Forestry crews are monitoring four slash burning sites north of Port Alberni whose smoke has caused concern in the Alberni Valley.
The sites—labeled Gretchen Creek 1, 2 and 3 as well as Mount Irwin/ Horne Lake on the BC Wildfire website—are controlled slash burns in areas of high elevation, says fire information officer Donna MacPherson of the Coastal Fire Centre. They started a week to 10 days ago.
“It’s a resource burn, done under a burn plan,” she explained. These types of fires, called Category 4, are designed to burn slash piles as well as any detritus between piles left on the ground as a result of logging activities.
“From our standpoint, we want this stuff gone,” she explained, so it doesn’t provide fuel for fires during the summer fire season.
Because of a temperature inversion and uncharacteristically low relative humidity for the area—Effingham Inlet weather station on the west coast was reporting 20–30 per cent relative humidity, which is unheard of in a rainforest at this time of year, MacPherson said—conditions became dry, and the smoke stayed around the area instead of moving off. The dry conditions caused these burns to spread beyond the area listed in their burn plans.
The Mount Irwin fire was supposed to be within two hectares, and the three Gretchen Creek fires were to be between 1.5–2 ha. each. “Those four have nominal growth beyond the burn plan,” MacPherson said.
“The burn left the square in the burn plan. It’s a low intensity ground fire” that is creeping along underneath the trees, “probably about knee high.”
On Tuesday, a helicopter was in the air to monitor the sites while six ground-based firefighters and a water tender were at two of the sites. One of the Gretchen Creek sites is in a steep area and is only being monitored at this time, she said.
The helicopter was not dumping water on any of the fires.
All four of the sites north of Port Alberni are owned and managed by the same logging company, but MacPherson was not able to name the company, citing privacy regulations. She did say that the cost to manage the burn areas is being paid for by the logging company.
“We sent officers out to make sure they are complying,” she said.
There is also a planned slash burn near the Comox Valley that is visible closer to Cumberland, MacPherson said.
There is a bigger fire in southern Vancouver Island, near Sooke, that has also slipped out of its prescribed burn area and grown to 40 hectares. MacPherson said the burn plan for that particular fire was 30 hectares, and it is visible from Sooke.
“It was the same concerns that people had. It’s still not threatening anything because it’s such a low-intensity fire,” she said.
Because of changes to terminology in the way wildfires are labeled in B.C., these fires are showing on the BC Wildfire website that they are “out of control”. To a member of the public, that means something very different than to a wildfire management team member, MacPherson explained.

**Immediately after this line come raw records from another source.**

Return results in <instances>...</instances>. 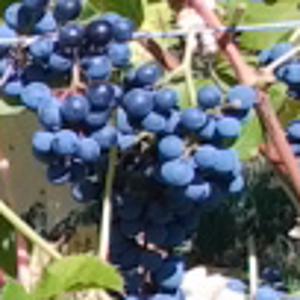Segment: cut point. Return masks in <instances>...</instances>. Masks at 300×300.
Returning a JSON list of instances; mask_svg holds the SVG:
<instances>
[{
	"label": "cut point",
	"instance_id": "obj_1",
	"mask_svg": "<svg viewBox=\"0 0 300 300\" xmlns=\"http://www.w3.org/2000/svg\"><path fill=\"white\" fill-rule=\"evenodd\" d=\"M199 28H206V22L195 23L188 31V36L185 41V59H184V79L183 82L186 86L189 101L191 106L197 105V96L195 94V87L193 80L191 79V61H192V43L194 41L195 34Z\"/></svg>",
	"mask_w": 300,
	"mask_h": 300
}]
</instances>
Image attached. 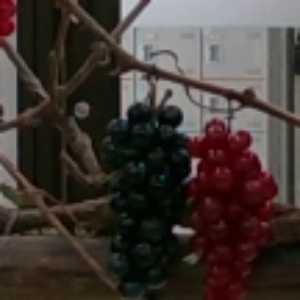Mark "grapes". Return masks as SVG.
I'll use <instances>...</instances> for the list:
<instances>
[{"label": "grapes", "instance_id": "obj_1", "mask_svg": "<svg viewBox=\"0 0 300 300\" xmlns=\"http://www.w3.org/2000/svg\"><path fill=\"white\" fill-rule=\"evenodd\" d=\"M184 120L176 105L153 108L131 104L126 119L106 127L102 148L115 168L111 180L118 192L111 199L119 228L111 238V270L121 274V296L139 300L145 290L168 282L163 269L178 252L172 232L176 212L185 203L180 183L192 172L191 156L201 158L198 177L188 183L196 199L187 224L194 233L193 253L211 266L205 300H244L245 278L259 248L272 239V200L279 183L262 171L259 155L250 148L251 133L228 134L226 123L212 116L205 136L189 137L176 130Z\"/></svg>", "mask_w": 300, "mask_h": 300}]
</instances>
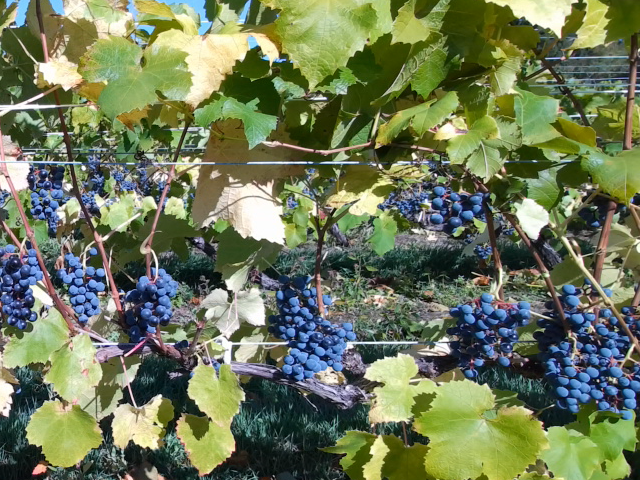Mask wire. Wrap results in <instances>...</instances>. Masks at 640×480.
Wrapping results in <instances>:
<instances>
[{"label": "wire", "instance_id": "obj_1", "mask_svg": "<svg viewBox=\"0 0 640 480\" xmlns=\"http://www.w3.org/2000/svg\"><path fill=\"white\" fill-rule=\"evenodd\" d=\"M36 165V166H52V165H75V166H92V167H105V166H141V165H201V166H285V165H302V166H369V165H395V166H424V165H449V160H422V161H397V160H326V161H298V160H282V161H254V160H241V161H224V160H210L200 162H129L124 160L113 161H77V160H9L1 159L0 165Z\"/></svg>", "mask_w": 640, "mask_h": 480}, {"label": "wire", "instance_id": "obj_2", "mask_svg": "<svg viewBox=\"0 0 640 480\" xmlns=\"http://www.w3.org/2000/svg\"><path fill=\"white\" fill-rule=\"evenodd\" d=\"M461 339H439V340H393V339H377L368 342H351L348 341L349 347H370L379 344L390 345H441V344H461Z\"/></svg>", "mask_w": 640, "mask_h": 480}]
</instances>
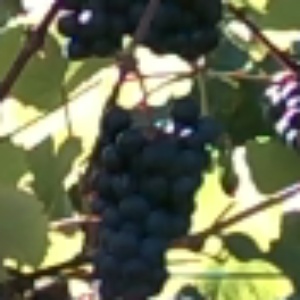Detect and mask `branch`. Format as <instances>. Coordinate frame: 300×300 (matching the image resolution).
<instances>
[{
  "label": "branch",
  "mask_w": 300,
  "mask_h": 300,
  "mask_svg": "<svg viewBox=\"0 0 300 300\" xmlns=\"http://www.w3.org/2000/svg\"><path fill=\"white\" fill-rule=\"evenodd\" d=\"M163 5L164 0H150L136 22V28L132 31L134 38L128 44L126 51H116L114 53V56L118 59V73L107 102L109 109H112L115 105L122 80L127 71L137 65V59L133 56L136 45L145 46L148 43V38L157 24L158 13Z\"/></svg>",
  "instance_id": "obj_1"
},
{
  "label": "branch",
  "mask_w": 300,
  "mask_h": 300,
  "mask_svg": "<svg viewBox=\"0 0 300 300\" xmlns=\"http://www.w3.org/2000/svg\"><path fill=\"white\" fill-rule=\"evenodd\" d=\"M300 191V184H295L291 188L287 189L285 192L281 193L278 196H274L270 199L264 200L257 204H254L243 211L237 212L231 215L227 220H224L207 231L203 232L201 235L193 234L188 236H181L176 237L173 240L168 242V246L170 248H193L200 244H202L206 239L213 236L215 233L219 232L220 230L229 227L230 225L236 224L238 220L246 217H250L254 214H257L263 210L269 209L270 207H274L280 204L285 199L289 198L291 195Z\"/></svg>",
  "instance_id": "obj_2"
},
{
  "label": "branch",
  "mask_w": 300,
  "mask_h": 300,
  "mask_svg": "<svg viewBox=\"0 0 300 300\" xmlns=\"http://www.w3.org/2000/svg\"><path fill=\"white\" fill-rule=\"evenodd\" d=\"M61 9L58 2H55L48 12H46L40 21L37 23L35 29L26 37L23 48L14 59L6 76L0 81V103L5 100L8 90L11 84L20 72L24 62L31 57L35 51H37L45 41V34L47 32V26L52 18L57 16V13Z\"/></svg>",
  "instance_id": "obj_3"
},
{
  "label": "branch",
  "mask_w": 300,
  "mask_h": 300,
  "mask_svg": "<svg viewBox=\"0 0 300 300\" xmlns=\"http://www.w3.org/2000/svg\"><path fill=\"white\" fill-rule=\"evenodd\" d=\"M94 253L95 250L90 248L82 254L76 255L73 259L47 268L33 270L19 276L14 281L0 288V300H5L6 298L12 297L24 286L31 285L39 278H46L55 274L66 272L82 263L91 262L93 260Z\"/></svg>",
  "instance_id": "obj_4"
},
{
  "label": "branch",
  "mask_w": 300,
  "mask_h": 300,
  "mask_svg": "<svg viewBox=\"0 0 300 300\" xmlns=\"http://www.w3.org/2000/svg\"><path fill=\"white\" fill-rule=\"evenodd\" d=\"M226 8L232 12L241 22L274 54L282 64L291 68L293 63L260 31L245 14L239 11L232 3H228Z\"/></svg>",
  "instance_id": "obj_5"
}]
</instances>
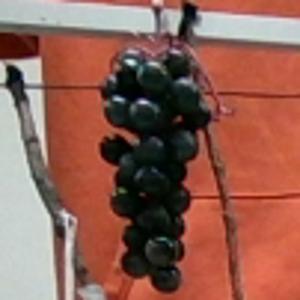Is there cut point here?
Instances as JSON below:
<instances>
[{
	"label": "cut point",
	"instance_id": "6a23745f",
	"mask_svg": "<svg viewBox=\"0 0 300 300\" xmlns=\"http://www.w3.org/2000/svg\"><path fill=\"white\" fill-rule=\"evenodd\" d=\"M150 6L154 17V59L159 60L160 18L166 9V2L164 0H151Z\"/></svg>",
	"mask_w": 300,
	"mask_h": 300
}]
</instances>
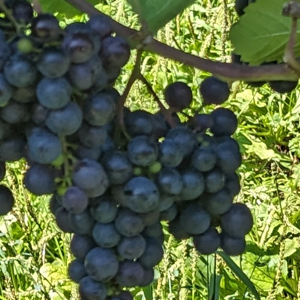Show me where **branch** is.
Masks as SVG:
<instances>
[{"label":"branch","instance_id":"1","mask_svg":"<svg viewBox=\"0 0 300 300\" xmlns=\"http://www.w3.org/2000/svg\"><path fill=\"white\" fill-rule=\"evenodd\" d=\"M79 11H83L90 16L102 14L112 23V31L126 41L131 47L136 49H145L153 55L167 57L172 61H179L184 64L192 65L198 69L218 76L235 77L237 80H259V81H295L300 78V62L294 57L295 40L297 35L298 18L300 17V4L294 1H288L284 4L283 13L286 17H291L288 44L285 47L283 61L281 65H238V64H221L209 62L207 59L196 57L193 53L184 50H177L172 46L163 44L150 36L145 35L139 30L123 26L107 14L99 11L96 7L86 0H65Z\"/></svg>","mask_w":300,"mask_h":300}]
</instances>
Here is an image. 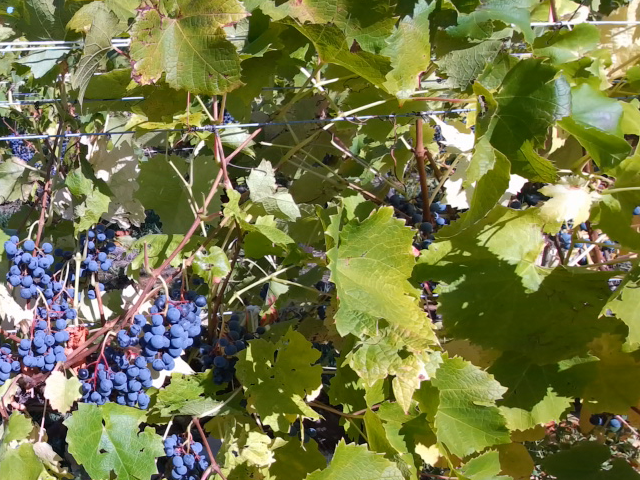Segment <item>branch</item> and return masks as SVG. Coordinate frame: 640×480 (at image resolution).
<instances>
[{
	"instance_id": "1",
	"label": "branch",
	"mask_w": 640,
	"mask_h": 480,
	"mask_svg": "<svg viewBox=\"0 0 640 480\" xmlns=\"http://www.w3.org/2000/svg\"><path fill=\"white\" fill-rule=\"evenodd\" d=\"M262 131H263L262 127H256L254 131L250 133L242 142H240L238 145H235L227 155L225 144H224V138L221 131L219 129H212V132L217 140L219 156L221 158V169H218L215 172V175L210 180L208 184V188L203 196V200L201 202V205L199 207V210L196 214V217L192 225L185 232L181 240V243L170 252L169 256L165 259L164 263L149 277L143 289L139 293L133 305L128 309V311L122 312L121 314L114 316L99 330H96L94 333L88 336L81 344L74 346L65 355V358L69 360L64 364V367L66 369L72 368L76 364L81 363L82 361L87 359L91 354L99 350L102 347V344L100 342L94 343L89 348L87 347L93 341L101 337L109 329L115 326V328L113 329V332L111 333V336L107 338V344L109 346H112L114 344V338H117L119 336L121 330L127 325V323L132 318L133 314L139 309L142 302H147L148 300H150L151 298L155 297L160 293V291L163 289V286L161 284L156 285L153 288V290H150V289L153 286L154 282L157 280V278L160 277L172 264L173 260L177 257V255H179L188 246V242L190 241L191 236L197 231L200 223L203 220L208 204L210 202V198L215 190V186L219 181V179L222 177V180L224 182H227L229 180L228 162H231L234 159L235 155L238 152H240L242 149H244L248 144H250Z\"/></svg>"
},
{
	"instance_id": "2",
	"label": "branch",
	"mask_w": 640,
	"mask_h": 480,
	"mask_svg": "<svg viewBox=\"0 0 640 480\" xmlns=\"http://www.w3.org/2000/svg\"><path fill=\"white\" fill-rule=\"evenodd\" d=\"M416 143H417V169L419 174L420 202L423 219L429 221L431 219V211L429 210L427 200L426 172L424 166V141H423V118H416Z\"/></svg>"
},
{
	"instance_id": "3",
	"label": "branch",
	"mask_w": 640,
	"mask_h": 480,
	"mask_svg": "<svg viewBox=\"0 0 640 480\" xmlns=\"http://www.w3.org/2000/svg\"><path fill=\"white\" fill-rule=\"evenodd\" d=\"M58 143H59V139H54L53 145H52V149H51V157H50L49 165L47 167V172H46L45 190H44V193H43L42 207H41L40 217H39V220H38V228H37V234H36V245H35V247L33 249V253H32L33 257H36L38 255V252H39V250L41 248L42 230H43V224H44L45 214H46V210H47L48 195H49V192H50L51 175H52V170H53L55 159H56V151H57Z\"/></svg>"
},
{
	"instance_id": "4",
	"label": "branch",
	"mask_w": 640,
	"mask_h": 480,
	"mask_svg": "<svg viewBox=\"0 0 640 480\" xmlns=\"http://www.w3.org/2000/svg\"><path fill=\"white\" fill-rule=\"evenodd\" d=\"M222 230H223V227L221 225H218L214 229L210 237L207 238L203 243H201L199 246L195 248V250L192 252L190 257L186 260L184 265H181L175 268L171 272V274L164 279V282L166 284H170L174 279H176L180 275V273L186 272L192 266V264L195 262L197 257L201 254V252L217 240Z\"/></svg>"
},
{
	"instance_id": "5",
	"label": "branch",
	"mask_w": 640,
	"mask_h": 480,
	"mask_svg": "<svg viewBox=\"0 0 640 480\" xmlns=\"http://www.w3.org/2000/svg\"><path fill=\"white\" fill-rule=\"evenodd\" d=\"M193 419H194V421H195V423L197 425V428H198L199 432L202 435L203 443H204V446L206 448V451H207V454L209 456L210 463H211L210 470H211L212 473H217L219 471V467L216 464L215 456H214V453H213L212 448L210 446V443L208 441L207 433H206L205 429L203 428V425L201 423V420H200L199 416L198 415H194Z\"/></svg>"
},
{
	"instance_id": "6",
	"label": "branch",
	"mask_w": 640,
	"mask_h": 480,
	"mask_svg": "<svg viewBox=\"0 0 640 480\" xmlns=\"http://www.w3.org/2000/svg\"><path fill=\"white\" fill-rule=\"evenodd\" d=\"M195 98L199 101L200 106L204 109V111L206 112V115L209 118V121L211 123H214L216 121V116L213 113L212 108L209 106V104L207 103L206 99L202 96V93L200 91H197L195 93Z\"/></svg>"
}]
</instances>
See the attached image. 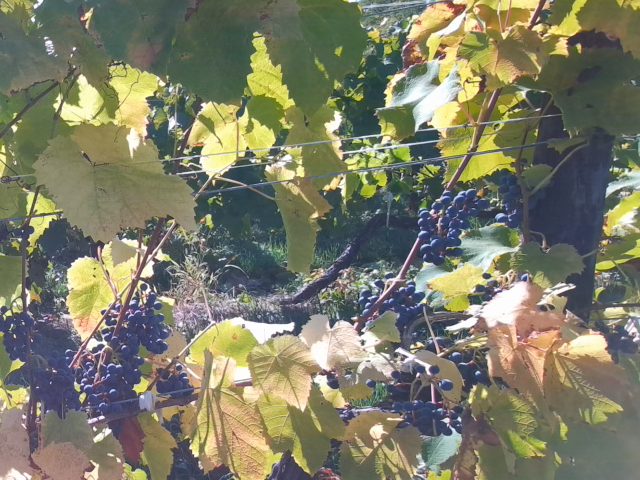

“It’s either ‘out of control’, ‘being held’ or ‘modified response,'” she said. “It’s a technical term.”
British Columbia has made the terminology changes to conform with a new Canada-wide standard, which will make it easier when fire crews from other provinces are sent to fight inter-provincial fires.
“It’s hard for our public to wrap their heads around it. Ontario has been using (the term) for about five years and they’re fine with it.”
The good news is the temperature inversion is over, and Arctic outflow winds are picking up, so the smoke should clear. Wet weather expected at the end of this week will also assist with the burning.
The Sooke area fire will continue to burn until the cold, wet weather extinguishes it naturally, but it will stay active on the BC Wildfire website until forestry crews monitoring it are satisfied that it’s completely out, she added.
The same will hold true for the Gretchen Creek and Mount Irwin fires—they will be listed as active until they’re out, but they’re no threat. “It’s not a forest fire like people think of a forest fire,” she added.